KristianS7/Ouro-1.4B is a 1.4 billion parameter Looped Language Model (LoopLM) developed by ByteDance, designed for research purposes. It distinguishes itself through exceptional parameter efficiency, capable of matching the performance of larger 3-4 billion parameter standard transformers by employing iterative shared-weight computation.

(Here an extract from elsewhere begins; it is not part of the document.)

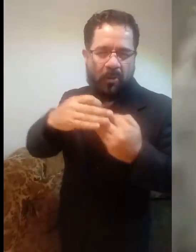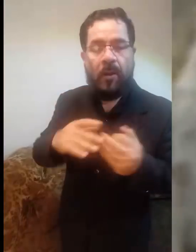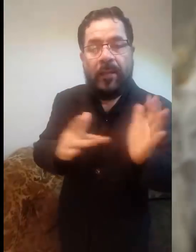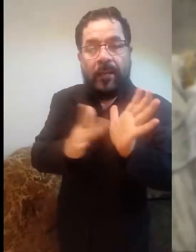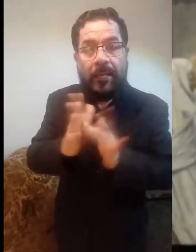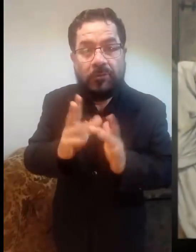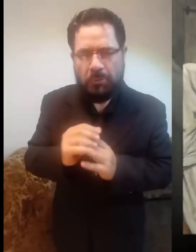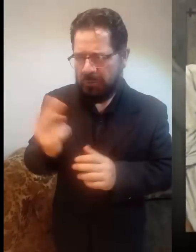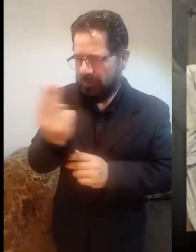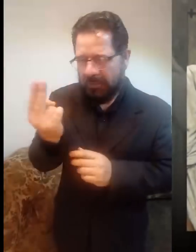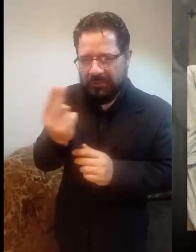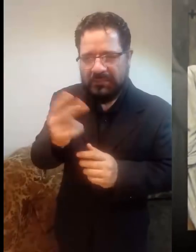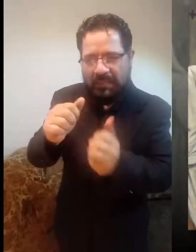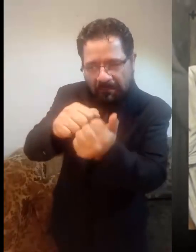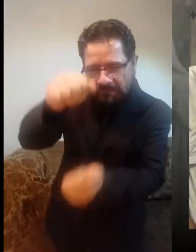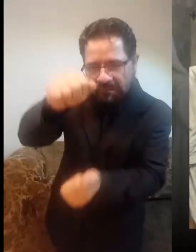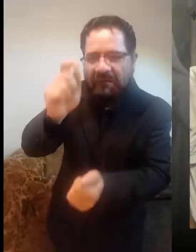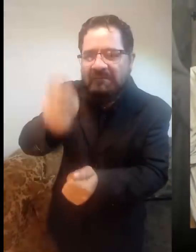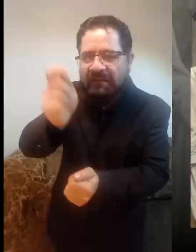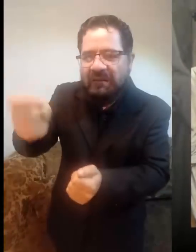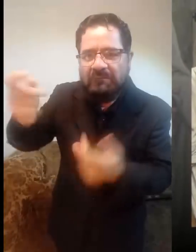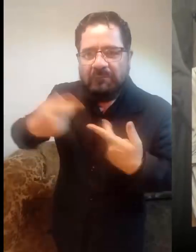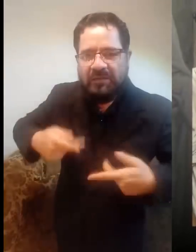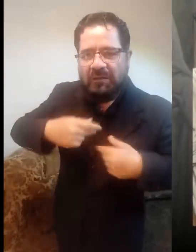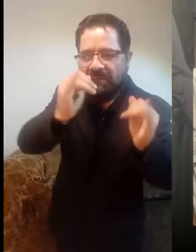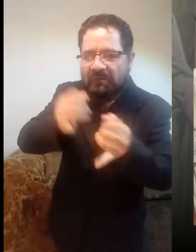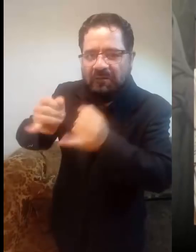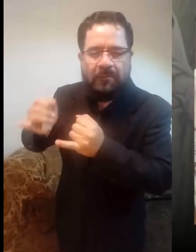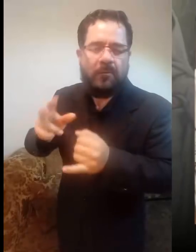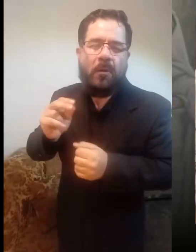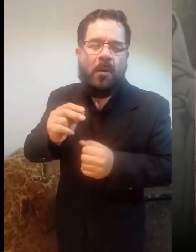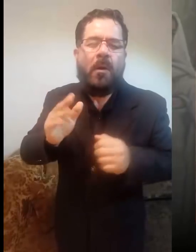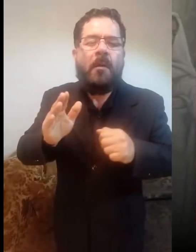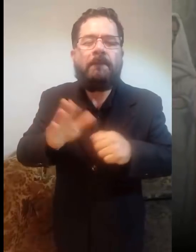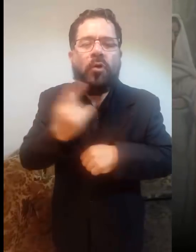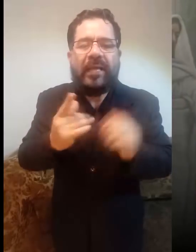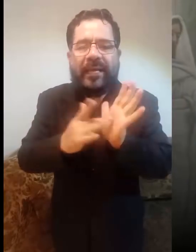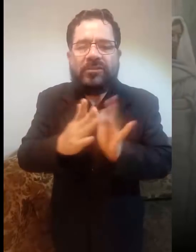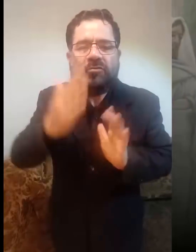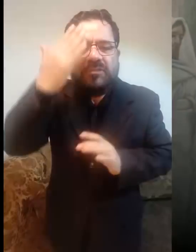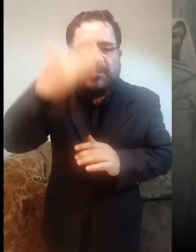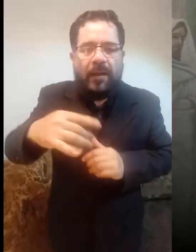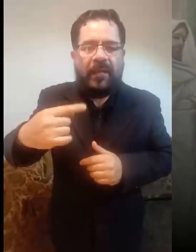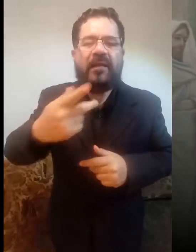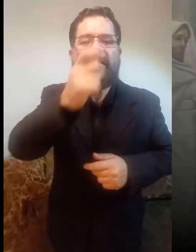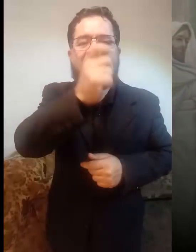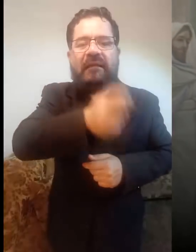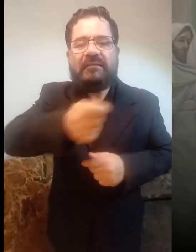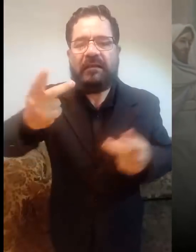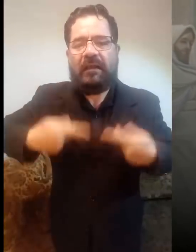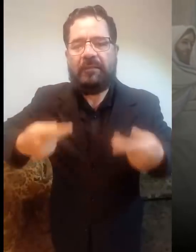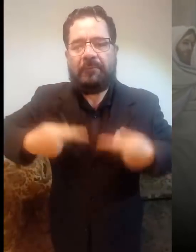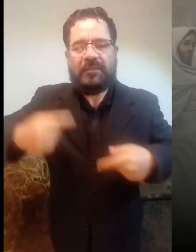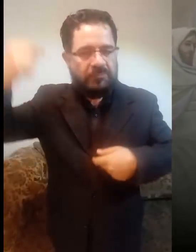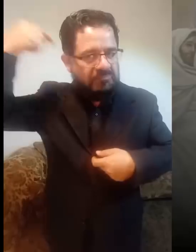conocía a todos y no necesitaba que nadie le descubriera lo que es el hombre, porque él sabía lo que hay en el
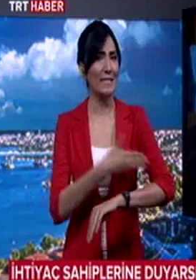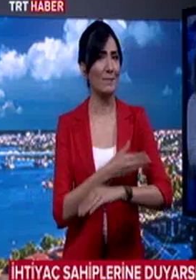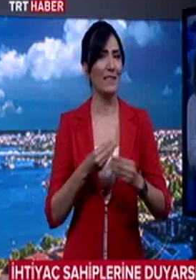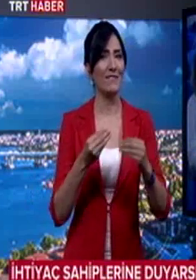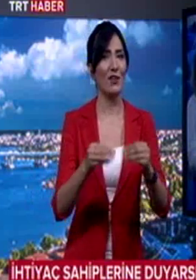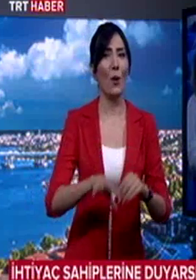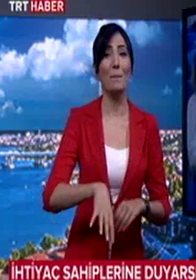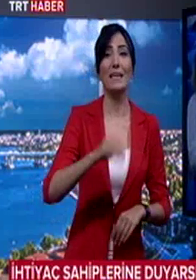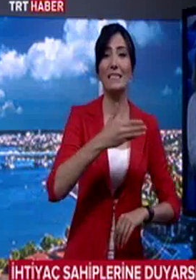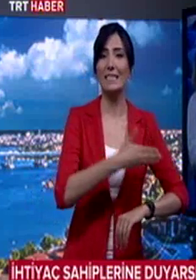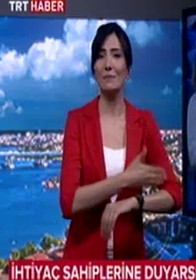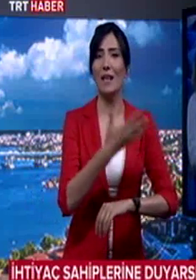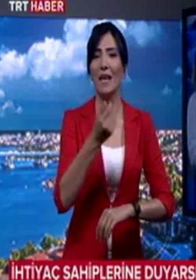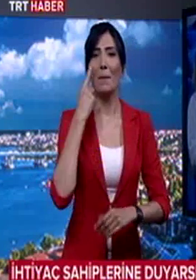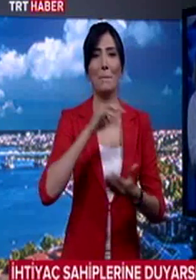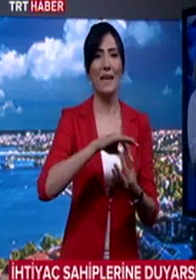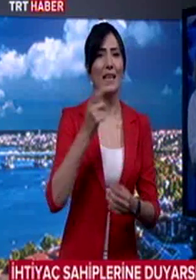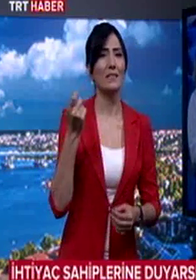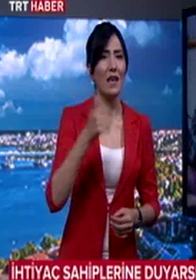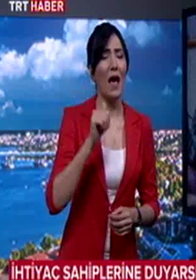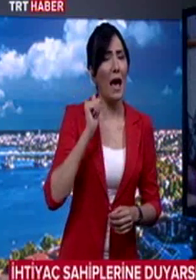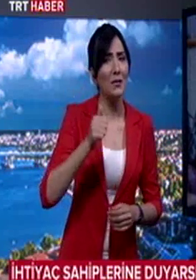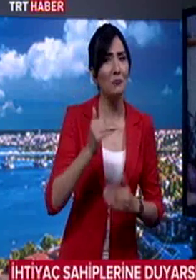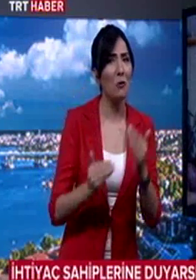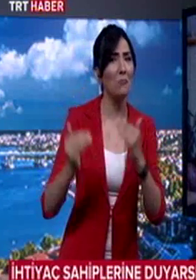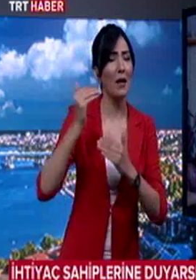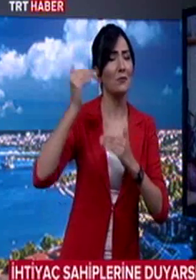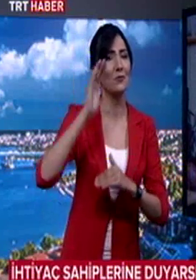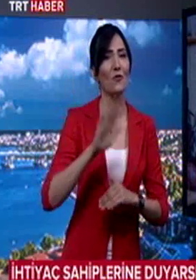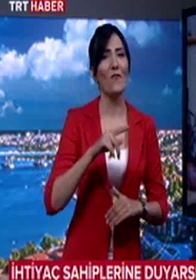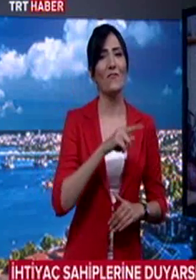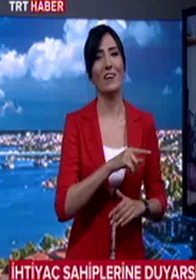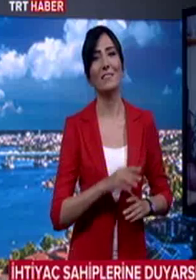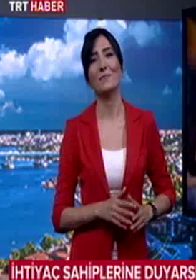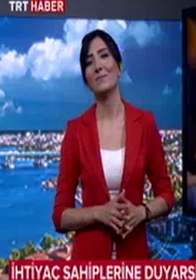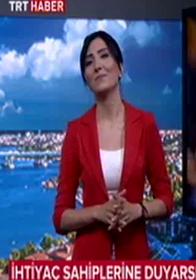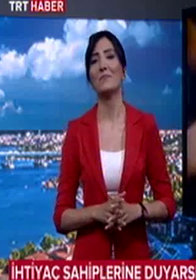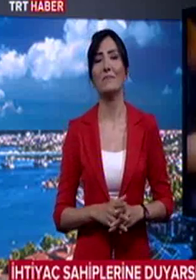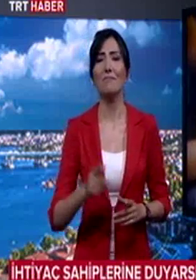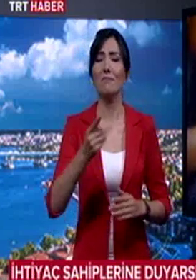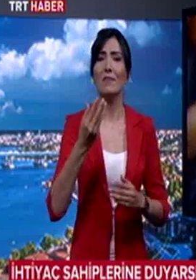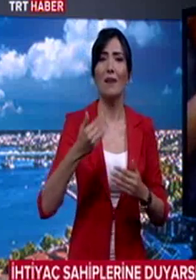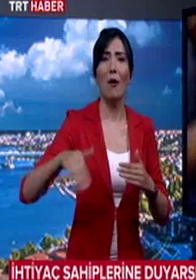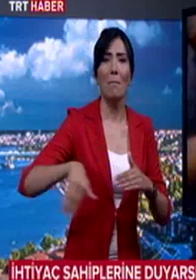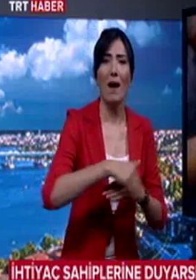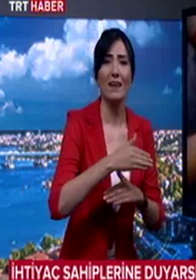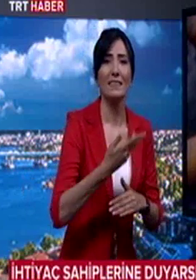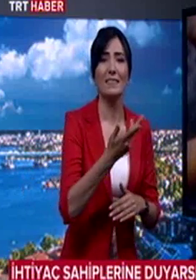Merkezlerden hizmet alan bireylerin sayısı da her geçen gün artıyor. Mahallenizde şiddet gören kadını bize

Key Capabilities & Features

  • Iterative Latent Reasoning: Performs reasoning through recurrent computation within its latent space.
  • Adaptive Computation: Supports early exit mechanisms, allowing for dynamic allocation of computational resources based on the task.
  • Configurable Recurrent Steps: Users can adjust total_ut_steps to balance performance and computation time, and early_exit_threshold for adaptive exit behavior.
  • Robust Architecture: Based on a decoder-only Transformer with 24 layers, 2048 hidden size, Multi-Head Attention, SwiGLU FFN, RoPE, and Sandwich RMSNorm.
  • Extensive Training: Trained on 7.7 trillion tokens, including web data, code, mathematics, and long-context documents, with a context length extendable to 64K.

When to Use This Model

  • Research on Parameter Efficiency: Ideal for exploring methods to achieve high performance with fewer parameters.
  • Adaptive Computation Studies: Suitable for investigating dynamic compute allocation and early exit strategies in LLMs.
  • Resource-Constrained Environments: Potentially useful for applications where computational resources are limited, given its efficiency.

Note: This model is intended for research and is provided as-is. The adaptive exit feature is not currently supported by vLLM.